ARD: Viele Menschen haben vor allem, wenn es um das Thema "Europa" geht, zwar viele Sorgen, aber wenn es um die Fragen zur Substanz Europas geht, schalten sie eigentlich ab. Wie kann man die denn erreichen?

Merkel: Das glaube ich auch nicht, dass sie einfach abschalten. Ich glaube, dass gemessen an vor zwanzig, dreißig Jahren bestimmte Dinge heute selbstverständlich für die jungen Menschen geworden sind, zum Beispiel die Reisefreizügigkeit. Man sieht, wenn über das Schengen-Abkommen diskutiert wird, dass da viele Menschen sagen: Das ist doch wohl nicht euer Ernst, dass ihr jetzt wieder Grenzen errichten wollt. Man hat sich, wenn man Studenten trifft, völlig daran gewöhnt, in Europa teilweise studieren zu können. Was man an Europa nicht schätzt, das ist manchmal Bürokratie, Regelungen, die man nicht einsieht, die dem normalen Menschenverstand scheinbar ein bisschen widersprechen. Da müssen wir schauen, dass wir Bürokratieabbau in Europa auch voranbringen. Insgesamt gibt es, glaube ich, ein großes Einsehen, dass bei sieben Milliarden Menschen auf der Welt wir Europäer gut daran tun, uns als 500 Millionen Menschen, die Freiheit wollen - Meinungsfreiheit, Reisefreiheit, Freiheit der Religion - da zusammenzuschließen und für unsere Werte zu kämpfen und einzutreten.

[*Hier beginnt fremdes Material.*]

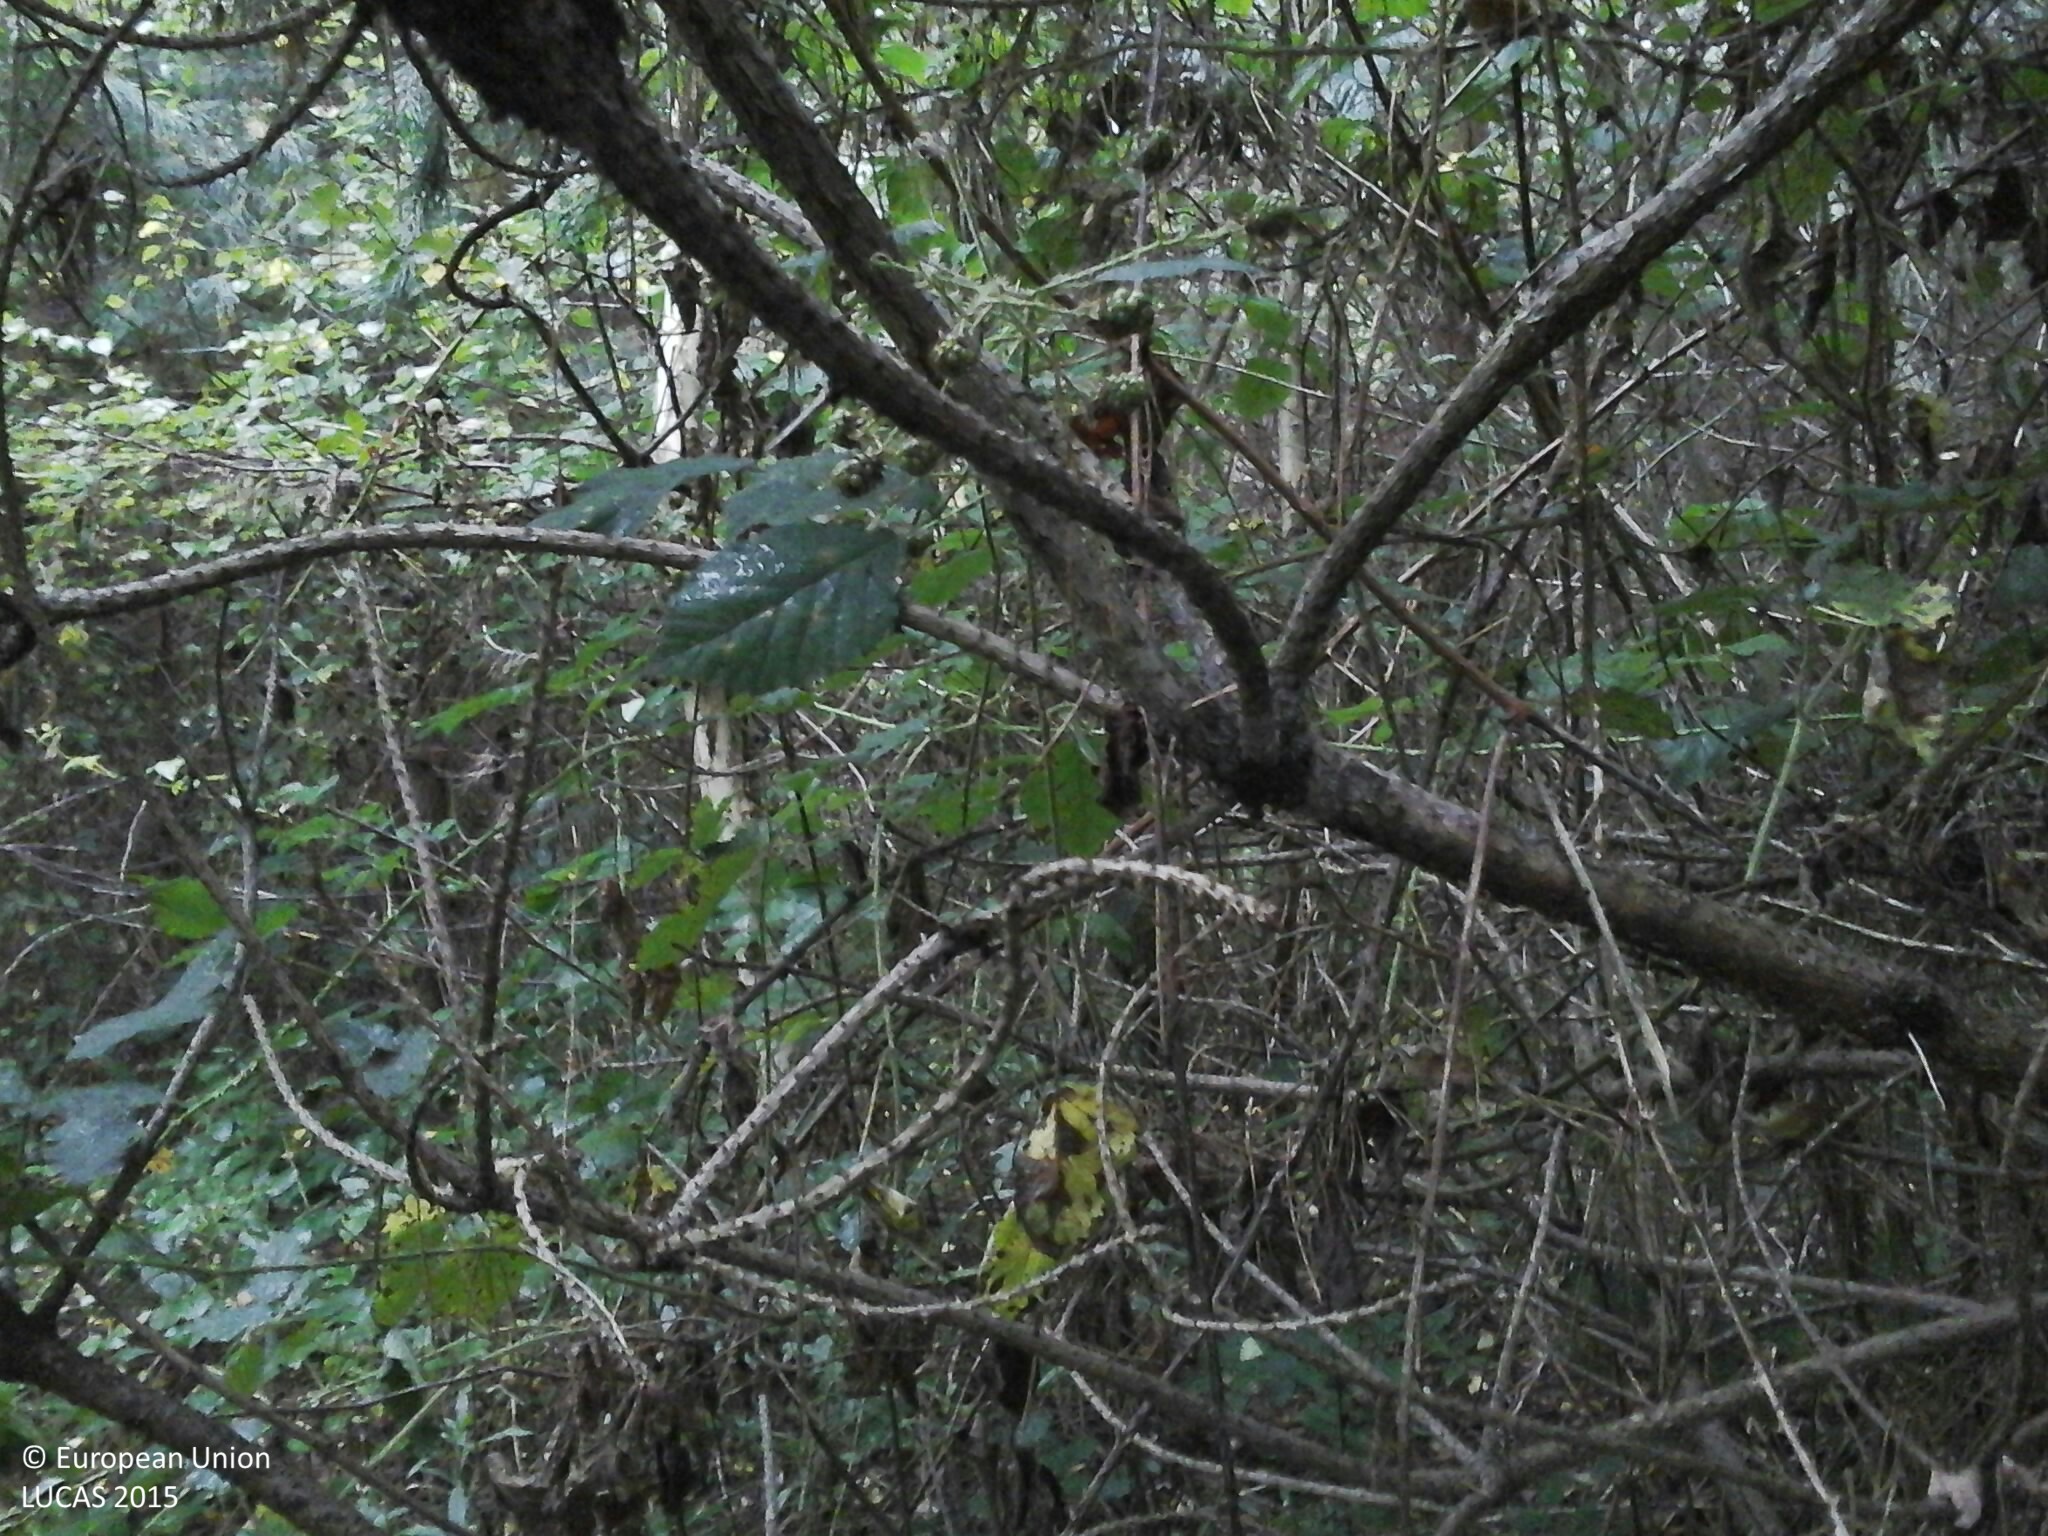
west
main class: Woodland
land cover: Pine dominated coniferous woodland
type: hemiboreal forest and nemoral coniferous forest and mixed broadleaved-coniferous forest
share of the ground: 50 - 75 %
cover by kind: coniferous forest trees 55 %, shrubs 20 %, broadleaved forest trees 15 %, herbaceous plants 10 %
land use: Forestry
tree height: < 5 m
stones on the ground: < 10 %
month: July
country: HU
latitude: 46.7866
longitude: 16.4860

ARD: Wenn Sie am Ende dieses Monats erneut zu einem großen EU-Gipfel zusammenkommen, dann will man den großen Wurf schaffen. Es ist von einem Master-Plan die Rede. Frau Bundeskanzlerin, was ist der Kern dieses Master-Plans, wo soll es eigentlich hingehen?

Merkel: Ich glaube nicht, dass es einen einzigen Rat gibt, auf dem der große Wurf entstehen wird. Aber was wir seit geraumer Zeit tun und wo sicherlich im Juni auch noch mal ein Arbeitsplan vorgelegt wird, ist, dass wir sagen, wir brauchen mehr Europa. Wir brauchen nicht nur eine Währungsunion, sondern wir brauchen auch eine so genannte Fiskalunion, also mehr gemeinsame Haushaltspolitik. Wir brauchen vor allen Dingen auch eine politische Union. Das heißt, wir müssen Schritt für Schritt im weiteren Verlauf doch auch Kompetenzen an Europa abgeben, Europa auch Kontrollmöglichkeiten einräumen. Wir haben zum Beispiel jetzt schon etwas, was es bis jetzt so noch nicht gab: Nach dem neuen Stabilitätspakt, dem so genannten Sixpack, darf die Kommission die Wirtschaftlichkeit, Wettbewerbsfähigkeit der Länder beurteilen und zu jedem Land einen Bericht schreiben. Wir müssen uns als Länder dann auch mit den Schwächen, die wir haben, befassen. Ich finde, das ist schon ein Stück mehr Europa. So wird es jetzt fortentwickelt werden. Dann kommt zu einer einheitlichen Währung eben auch mehr gemeinsame Politik.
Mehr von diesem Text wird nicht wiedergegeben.